COP26 should not forget about carbon pricing
There are no low-cost options when it comes to tackling climate change. Renewable energy is not cheaper than fossil-based power once the price of investment and storage are considered. Low-carbon energy will cost more.
The only way to incentivise the world to shift to this more expensive low-carbon future is to make fossil fuels costlier, which means more carbon pricing.
Such schemes typically take the form of taxes on polluters’ emissions or “cap and trade” systems that limit how much companies can emit before having to pay more.
Convincing the electorate that carbon pricing is the right thing to do will not be easy. Society as a whole will need to bear these extra costs.
The Emissions Gap Report 2021 published by the UN in October was a timely reminder of what we have achieved and what remains to be done to contain the increase in global temperatures to 1.5C.
The good news is that more ambitious climate-change targets launched since the Paris Agreement in 2015 have brought us closer to the 1.5C target. The gap will be smaller still following India’s pledge at the COP26 summit to set more ambitious climate goals for 2030 and reach net zero by 2070.
Major emitters are also starting to back up ambition with action. China has committed to stop coal investment abroad, while Joe Biden, the US president, is planning to spend more than $500bn on climate measures. In Europe, the EU’s Fit for 55 package proposes legislation to meet the continent’s climate ambitions.
The bad news is that current commitments and actions are clearly not sufficient. More decisive action is urgently required. The world is still on a path close to 2.7C of global warming by the end of this century.
So, what can get us on the 1.5C road to net zero?
Government policies will play a key role, whether it be carbon pricing or subsidies for renewable power and other transition technologies. CRU’s Carbon Abatement Curve suggests that European businesses should prepare for CO2 prices of nearly $200 a tonne by 2030 if the EU is serious about its climate-change targets.
Switching to renewable power is one of the relatively cheaper means of emission reduction, even with storage. But do not be fooled: renewable energy is not cheaper than fossil-based power once the cost of the initial investment and storage are considered.
If we think about other sources of emissions in commodities — coal in steel, natural gas in ammonia — these sectors cannot simply electrify. They need new raw materials and production processes. Hydrogen is often viewed as the wonder solution, but we forecast that carbon prices would need to reach well over $200 a tonne to incentivise widespread adoption in steel, and even higher for fertilisers.
The commodities industry is capital intensive.
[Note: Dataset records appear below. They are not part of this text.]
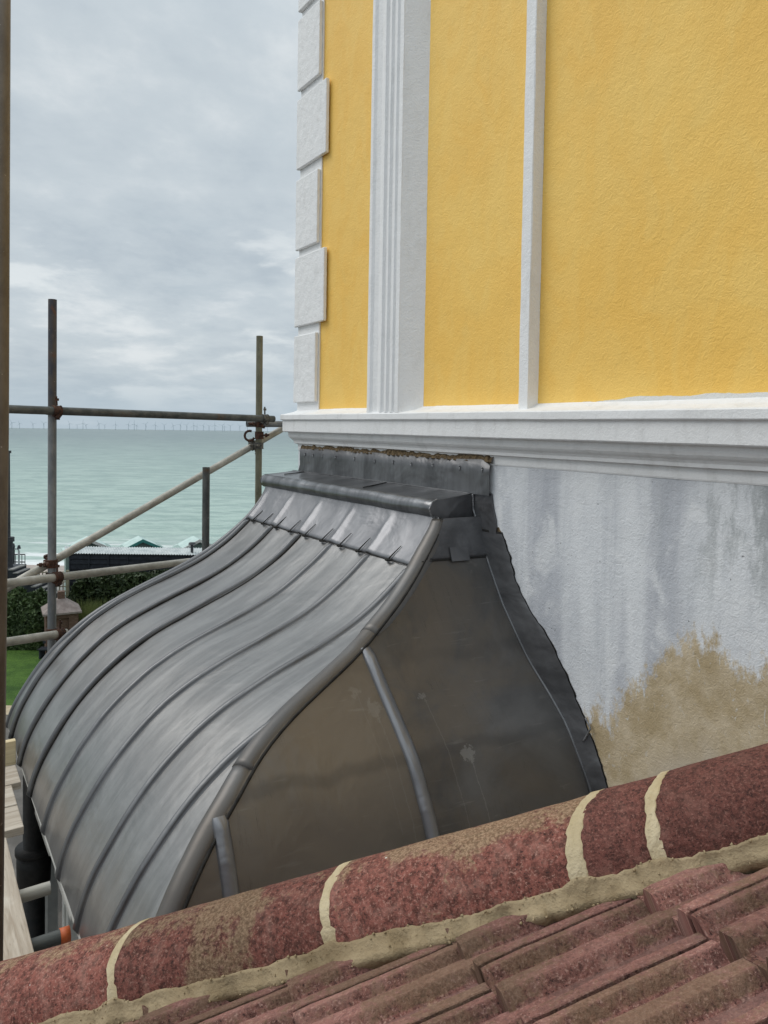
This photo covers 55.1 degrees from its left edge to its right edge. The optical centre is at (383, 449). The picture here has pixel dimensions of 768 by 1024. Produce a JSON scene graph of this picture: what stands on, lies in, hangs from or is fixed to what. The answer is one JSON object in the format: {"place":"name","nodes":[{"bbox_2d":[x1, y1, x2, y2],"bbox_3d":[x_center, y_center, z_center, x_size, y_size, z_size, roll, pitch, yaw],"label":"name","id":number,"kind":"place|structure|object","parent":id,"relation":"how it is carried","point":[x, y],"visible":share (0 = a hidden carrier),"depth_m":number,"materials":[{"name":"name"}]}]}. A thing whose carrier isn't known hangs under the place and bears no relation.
{"place":"outdoors","nodes":[
{"label":"outdoors","id":0,"kind":"place"},
{"bbox_2d":[6,705,11,714],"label":"path","id":1,"kind":"structure","parent":0,"point":[8,707],"depth_m":19.90,"materials":[{"name":"beige concrete"}]},
{"bbox_2d":[6,715,22,904],"bbox_3d":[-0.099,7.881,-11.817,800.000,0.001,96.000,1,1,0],"label":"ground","id":2,"kind":"structure","parent":0,"point":[13,842],"depth_m":14.67,"materials":[{"name":"grey concrete"}]},
{"bbox_2d":[7,299,282,951],"bbox_3d":[-1.997,3.260,3.981,2.694,8.445,5.025,1,1,0],"label":"scaffolding","id":3,"kind":"object","parent":2,"relation":"on","point":[53,578],"visible":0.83,"depth_m":4.90,"materials":[{"name":"metal"}]},
{"bbox_2d":[0,0,10,960],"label":"scaffold pole","id":4,"kind":"object","parent":3,"relation":"attached to","point":[5,40],"visible":0.86,"depth_m":1.74,"materials":[{"name":"metal"}]},
{"bbox_2d":[5,738,15,766],"bbox_3d":[-2.517,1.678,3.790,1.115,0.135,0.041,0,2,-33],"label":"toe board","id":5,"kind":"object","parent":3,"relation":"on","point":[10,755],"visible":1,"depth_m":4.07,"materials":[{"name":"beige wood"}]},
{"bbox_2d":[5,785,16,807],"bbox_3d":[-2.280,1.731,3.371,1.055,0.040,0.225,0,2,-33],"label":"scaffold board","id":6,"kind":"object","parent":3,"relation":"on","point":[10,800],"visible":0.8,"depth_m":3.62,"materials":[{"name":"brown wood"}]},
{"bbox_2d":[5,765,20,789],"bbox_3d":[-2.389,1.723,3.580,1.100,0.040,0.225,0,2,-33],"label":"scaffold board","id":7,"kind":"object","parent":3,"relation":"on","point":[12,777],"visible":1,"depth_m":3.83,"materials":[{"name":"brown wood"}]},
{"bbox_2d":[5,805,23,838],"bbox_3d":[-2.151,1.739,3.175,1.055,0.040,0.225,0,2,-33],"label":"scaffold board","id":8,"kind":"object","parent":3,"relation":"on","point":[14,826],"visible":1,"depth_m":3.39,"materials":[{"name":"brown wood"}]},
{"bbox_2d":[3,837,33,959],"bbox_3d":[-1.317,1.749,2.503,0.225,0.050,1.610,0,2,-33],"label":"scaffold board","id":9,"kind":"object","parent":3,"relation":"on","point":[17,941],"visible":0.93,"depth_m":2.70,"materials":[{"name":"brown wood"}]},
{"bbox_2d":[6,0,767,940],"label":"house","id":10,"kind":"structure","parent":2,"relation":"on","point":[492,548],"depth_m":3.14,"materials":[{"name":"yellow paint"}]},
{"bbox_2d":[35,811,65,933],"bbox_3d":[-1.815,2.601,4.012,0.149,1.707,0.933,0,2,-33],"label":"window frame","id":11,"kind":"structure","parent":10,"relation":"in","point":[55,908],"depth_m":4.18,"materials":[{"name":"white paint"}]},
{"bbox_2d":[55,871,77,940],"bbox_3d":[-1.395,2.627,3.367,0.149,1.704,0.513,0,2,-33],"label":"window frame","id":12,"kind":"structure","parent":10,"relation":"in","point":[69,921],"depth_m":3.52,"materials":[{"name":"white paint"}]},
{"bbox_2d":[0,743,767,1023],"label":"tiled roof","id":13,"kind":"structure","parent":10,"relation":"attached to","point":[643,901],"depth_m":1.20,"materials":[{"name":"red tile"}]},
{"bbox_2d":[6,650,41,704],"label":"lawn","id":14,"kind":"structure","parent":0,"point":[20,665],"depth_m":23.23,"materials":[{"name":"green plant"}]},
{"bbox_2d":[8,451,14,566],"bbox_3d":[-15.025,3.371,29.492,0.398,6.690,0.397,1,1,0],"label":"lamp post","id":15,"kind":"object","parent":14,"relation":"on","point":[11,539],"visible":0.41,"depth_m":29.42,"materials":[{"name":"grey metal"}]},
{"bbox_2d":[7,586,56,650],"bbox_3d":[-13.438,5.853,26.247,3.524,2.119,2.416,1,1,0],"label":"bush","id":16,"kind":"object","parent":14,"relation":"on","point":[22,603],"visible":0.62,"depth_m":25.41,"materials":[{"name":"green plant"}]},
{"bbox_2d":[7,564,56,614],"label":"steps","id":17,"kind":"structure","parent":14,"relation":"on","point":[15,570],"depth_m":28.93,"materials":[{"name":"grey concrete"}]},
{"bbox_2d":[37,641,56,658],"bbox_3d":[-11.050,6.568,24.375,0.670,0.640,0.420,1,1,0],"label":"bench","id":18,"kind":"object","parent":14,"relation":"on","point":[41,650],"visible":0.33,"depth_m":24.28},
{"bbox_2d":[41,590,81,653],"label":"brick pillar","id":19,"kind":"structure","parent":14,"relation":"on","point":[68,610],"depth_m":24.84,"materials":[{"name":"brown brick"}]},
{"bbox_2d":[66,566,169,607],"bbox_3d":[-8.350,5.790,28.739,7.920,2.291,2.245,1,1,0],"label":"hedge","id":20,"kind":"object","parent":14,"relation":"on","point":[100,587],"visible":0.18,"depth_m":28.03,"materials":[{"name":"green plant"}]},
{"bbox_2d":[26,565,63,574],"bbox_3d":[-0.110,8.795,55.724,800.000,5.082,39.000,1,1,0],"label":"beach","id":21,"kind":"structure","parent":0,"point":[61,568],"depth_m":49.34,"materials":[{"name":"beige sand"}]},
{"bbox_2d":[72,596,111,621],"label":"tall grass","id":22,"kind":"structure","parent":0,"point":[86,611],"depth_m":26.09,"materials":[{"name":"green plant"}]},
{"bbox_2d":[64,542,201,598],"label":"boarded shed","id":23,"kind":"structure","parent":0,"point":[88,558],"depth_m":31.12,"materials":[{"name":"black wood"}]},
{"bbox_2d":[9,428,298,565],"bbox_3d":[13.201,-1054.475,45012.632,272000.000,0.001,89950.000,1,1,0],"label":"sea","id":24,"kind":"structure","parent":0,"point":[105,477],"depth_m":142.78,"materials":[{"name":"liquid"}]},
{"bbox_2d":[9,0,301,430],"label":"sky","id":25,"kind":"structure","parent":0,"point":[154,175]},
{"label":"promenade","id":26,"kind":"structure","parent":0,"visible":0},
{"bbox_2d":[13,543,14,563],"bbox_3d":[-16.950,5.430,33.643,0.166,2.329,0.166,0,1,-22],"label":"railing post","id":27,"kind":"object","parent":26,"relation":"on","point":[13,553],"visible":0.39,"depth_m":33.58,"materials":[{"name":"grey metal"}]},
{"bbox_2d":[14,545,20,563],"bbox_3d":[-16.780,5.474,33.644,0.364,2.245,0.180,1,1,0],"label":"railing post","id":28,"kind":"object","parent":26,"relation":"on","point":[18,547],"visible":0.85,"depth_m":33.59,"materials":[{"name":"grey metal"}]},
{"bbox_2d":[15,554,24,563],"bbox_3d":[-17.492,5.680,33.949,1.899,1.801,0.058,1,1,0],"label":"promenade railing","id":29,"kind":"object","parent":26,"relation":"on","point":[21,561],"visible":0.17,"depth_m":33.92,"materials":[{"name":"grey metal"}]},
{"bbox_2d":[39,570,68,596],"bbox_3d":[-13.940,5.829,30.350,1.881,1.762,0.100,1,1,0],"label":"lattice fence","id":30,"kind":"object","parent":26,"relation":"on","point":[67,587],"visible":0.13,"depth_m":30.32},
{"bbox_2d":[62,536,111,596],"bbox_3d":[-13.509,5.309,33.635,2.200,2.656,1.410,0,2,-27],"label":"beach hut","id":31,"kind":"object","parent":26,"relation":"on","point":[97,543],"visible":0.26,"depth_m":33.29,"materials":[{"name":"white wood"}]},
{"bbox_2d":[117,536,162,547],"bbox_3d":[-11.135,5.324,33.635,2.200,2.686,1.410,0,2,-27],"label":"beach hut","id":32,"kind":"object","parent":26,"relation":"on","point":[138,541],"visible":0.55,"depth_m":33.27,"materials":[{"name":"white wood"}]},
{"bbox_2d":[171,536,211,547],"bbox_3d":[-8.588,5.340,33.635,2.200,2.718,1.410,0,2,-27],"label":"beach hut","id":33,"kind":"object","parent":26,"relation":"on","point":[196,540],"visible":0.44,"depth_m":33.27,"materials":[{"name":"white wood"}]}
]}

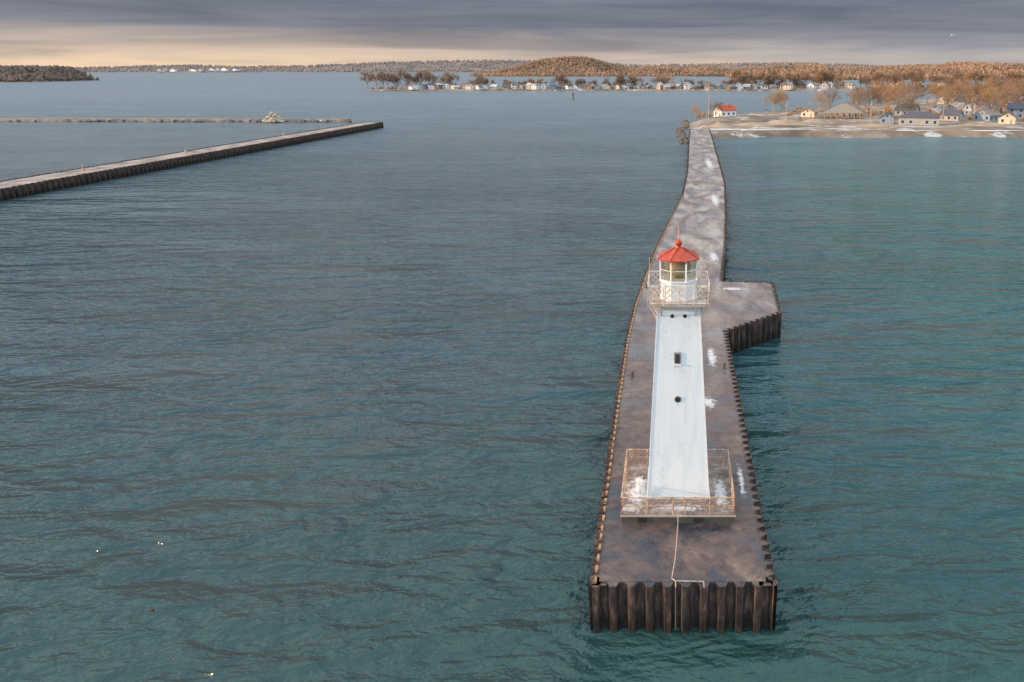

Switching to renewable power and electrifying operations is vastly expensive and takes years if not decades to achieve. That is why businesses benefit from a predictable policy environment. They need clarity around regulation, taxes and intermediate targets to net zero. In reality, such stability is likely to remain elusive. The current energy crisis is a case in point.
Financial and private markets will also drive the energy transition. COP26 was the first COP summit where finance played a prominent role. Anecdotal evidence suggests that it is becoming harder to insure a coal mine in South Africa and trickier to raise funds for a new oil pipeline in the US.
Yet there is still plenty of funding available for fossil-fuel projects. This suggests that climate considerations are still not centre stage in finance — but, on current trajectories, it could become mainstream quickly.
Lack of finance for fossil fuels will raise the cost of funding and ultimately prices. In essence, this does the job of a carbon price. By pushing up the price of fossil fuels, it makes renewable energy and other low-carbon options more viable.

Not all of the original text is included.